PROBLEM REQUIREMENTS
The expected output is every line of the data exactly as shown, minus the images.

Collected data

[Start of section]

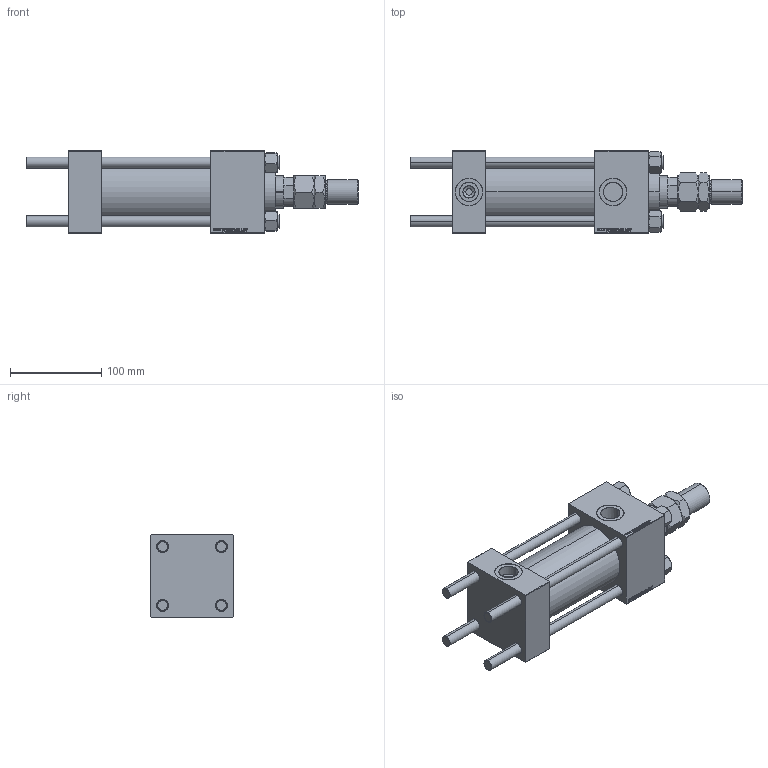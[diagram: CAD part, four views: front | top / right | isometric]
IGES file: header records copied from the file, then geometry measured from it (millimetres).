
Start section: SolidWorks IGES file using analytic representation for surfaces
Global section: file name: 099c.IGS; native system: SolidWorks 2019; preprocessor: SolidWorks 2019; author: Model3D; date: 220415.104716; units: millimetre
Bounding box: 363 x 90 x 90 mm (x, y, z)
Surface area: 250621.4 mm2 (no closed solid volume)
Topology: 0 solids, 0 shells, 1189 faces, 16374 edges, 16372 vertices
Faces by surface type: bspline 939, revolution 250
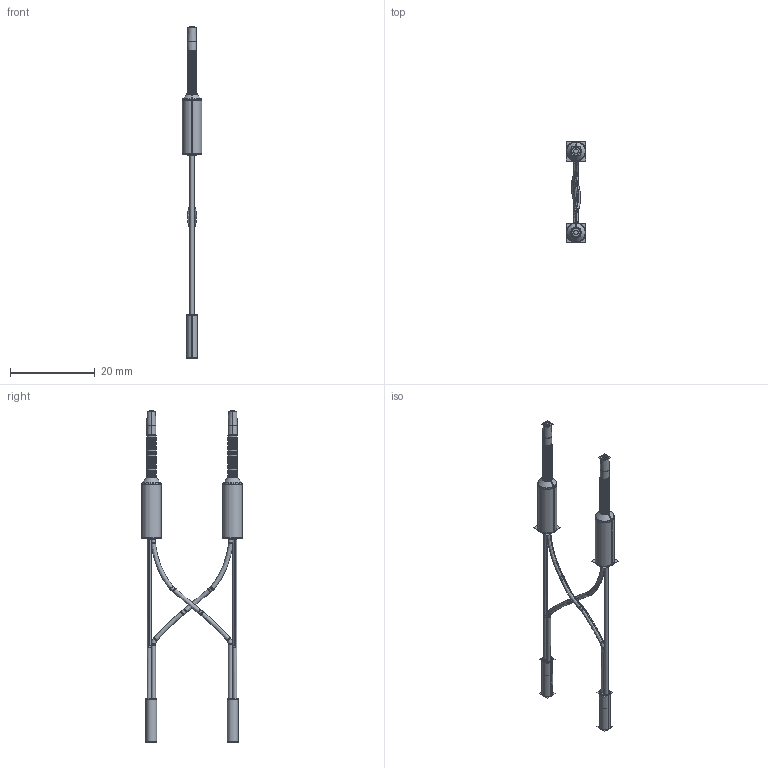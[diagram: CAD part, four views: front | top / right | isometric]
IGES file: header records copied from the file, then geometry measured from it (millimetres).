
Start section:  PTC IGES file: 166409.igs
Global section: file name: 166409.igs; native system: Creo Parametric by Parametric Technology Corporation; preprocessor: 2013230; author: pdmadmin; organization: Unknown; date: 20160203.173153; units: millimetre
Bounding box: 4.6 x 23.85 x 78.53 mm (x, y, z)
Volume: 646.4 mm3; surface area: 12293 mm2
Topology: 10 solids, 10 shells, 1344 faces, 7208 edges, 9460 vertices
Faces by surface type: revolution 1288, bspline 56

[End of section]

WRITTEN REPLY
[diagram: CAD part, four views: front | top / right | isometric]
IGES file: header records copied from the file, then geometry measured from it (millimetres).
Start section: SolidWorks IGES file using analytic representation for surfaces
Global section: file name: 099c.IGS; native system: SolidWorks 2019; preprocessor: SolidWorks 2019; author: Model3D; date: 220415.104716; units: millimetre
Bounding box: 363 x 90 x 90 mm (x, y, z)
Surface area: 250621.4 mm2 (no closed solid volume)
Topology: 0 solids, 0 shells, 1189 faces, 16374 edges, 16372 vertices
Faces by surface type: bspline 939, revolution 250
[diagram: CAD part, four views: front | top / right | isometric]
IGES file: header records copied from the file, then geometry measured from it (millimetres).
Start section:  PTC IGES file: 166409.igs
Global section: file name: 166409.igs; native system: Creo Parametric by Parametric Technology Corporation; preprocessor: 2013230; author: pdmadmin; organization: Unknown; date: 20160203.173153; units: millimetre
Bounding box: 4.6 x 23.85 x 78.53 mm (x, y, z)
Volume: 646.4 mm3; surface area: 12293 mm2
Topology: 10 solids, 10 shells, 1344 faces, 7208 edges, 9460 vertices
Faces by surface type: revolution 1288, bspline 56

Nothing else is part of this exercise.